I am an emeritus professor from Cornell University and was a Commissioned Lay Preacher in the Presbyterian Church (USA). For many years I have followed the Daily Lectionary as printed in the Mission Yearbook of my church. For each day of a two-year cycle, the lectionary lists four psalms and three other scriptural passages--usually one from the Old Testament and two from the New Testament. My practice is to copy down a verse or two from one of the psalms and from each of the other three passages. After I have written out all four selections, I reflect upon them, rearrange their order, and incorporate them into a meditation. Sometimes I retain much of the original wording; sometimes all that remains of a selection is an idea that was stimulated when I read the original words. All selections are from the New Revised Standard Version of the Bible. For the Daily Lectionary, see the link below.

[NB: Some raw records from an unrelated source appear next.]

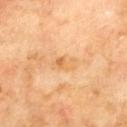Q: What are the patient's age and sex?
A: male, aged approximately 70
Q: What did automated image analysis measure?
A: an automated nevus-likeness rating near 0 out of 100
Q: What kind of image is this?
A: 15 mm crop, total-body photography
Q: Lesion location?
A: the mid back
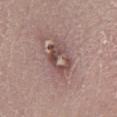Clinical summary:
On the left lower leg. The patient is a male in their mid-60s. A region of skin cropped from a whole-body photographic capture, roughly 15 mm wide.
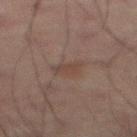Notes:
– follow-up — imaged on a skin check; not biopsied
– body site — the mid back
– patient — male, aged approximately 65
– imaging modality — ~15 mm tile from a whole-body skin photo
– size — ≈2.5 mm
– automated metrics — a mean CIELAB color near L≈33 a*≈14 b*≈19, about 5 CIELAB-L* units darker than the surrounding skin, and a normalized border contrast of about 5; a classifier nevus-likeness of about 10/100 and lesion-presence confidence of about 100/100
– lighting — cross-polarized illumination
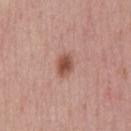<lesion>
<biopsy_status>not biopsied; imaged during a skin examination</biopsy_status>
<site>chest</site>
<lesion_size>
  <long_diameter_mm_approx>2.5</long_diameter_mm_approx>
</lesion_size>
<patient>
  <sex>male</sex>
  <age_approx>45</age_approx>
</patient>
<image>
  <source>total-body photography crop</source>
  <field_of_view_mm>15</field_of_view_mm>
</image>
</lesion>
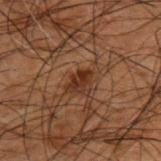Part of a total-body skin-imaging series; this lesion was reviewed on a skin check and was not flagged for biopsy. The patient is a male about 50 years old. A 15 mm crop from a total-body photograph taken for skin-cancer surveillance. The lesion is on the upper back.
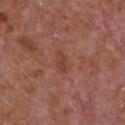Q: Is there a histopathology result?
A: no biopsy performed (imaged during a skin exam)
Q: Who is the patient?
A: male, in their mid- to late 60s
Q: Where on the body is the lesion?
A: the chest
Q: How was this image acquired?
A: total-body-photography crop, ~15 mm field of view
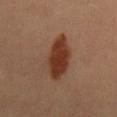Clinical impression:
This lesion was catalogued during total-body skin photography and was not selected for biopsy.
Context:
The recorded lesion diameter is about 6.5 mm. A female subject, aged around 50. A 15 mm crop from a total-body photograph taken for skin-cancer surveillance. Captured under cross-polarized illumination. Automated tile analysis of the lesion measured internal color variation of about 3 on a 0–10 scale and peripheral color asymmetry of about 1. And it measured a detector confidence of about 100 out of 100 that the crop contains a lesion.
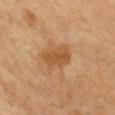Notes:
* workup · imaged on a skin check; not biopsied
* image · ~15 mm tile from a whole-body skin photo
* body site · the front of the torso
* illumination · cross-polarized illumination
* diameter · ~4 mm (longest diameter)
* subject · female, aged 63 to 67

Why We Sing for Joy--May 6, 2017


Every day brings new reasons to sing for joy--
a friend who survives potential tragedy,
visitors arrive to relate good news,
the beauty of your creation--
but today I rejoice
because you sent Jesus,
and that he came not to call
the righteous, but sinners
to repentance, for I am
one of them.

Lectionary Readings
Ps. 92; 149; 23; 114
Dan. 6:16-28
3 John 1-15
Luke 5:27-39  

Selected Verses
Ps. 92:4
For you, O LORD, have made me glad by your work;
          at the works of your hands I sing for joy.

Dan. 6:23
Then the king was exceedingly glad and commanded that Daniel be taken up out of the den. 

3 John 3
I was overjoyed when some of the friends arrived and testified to your faithfulness to the truth, namely how you walk in the truth. 

Luke 5:31
Jesus answered [the complaints of the scribes and Pharisees], "Those who are well have no need of a physician, but those who are sick; I have come to call not the righteous but sinners to repentance."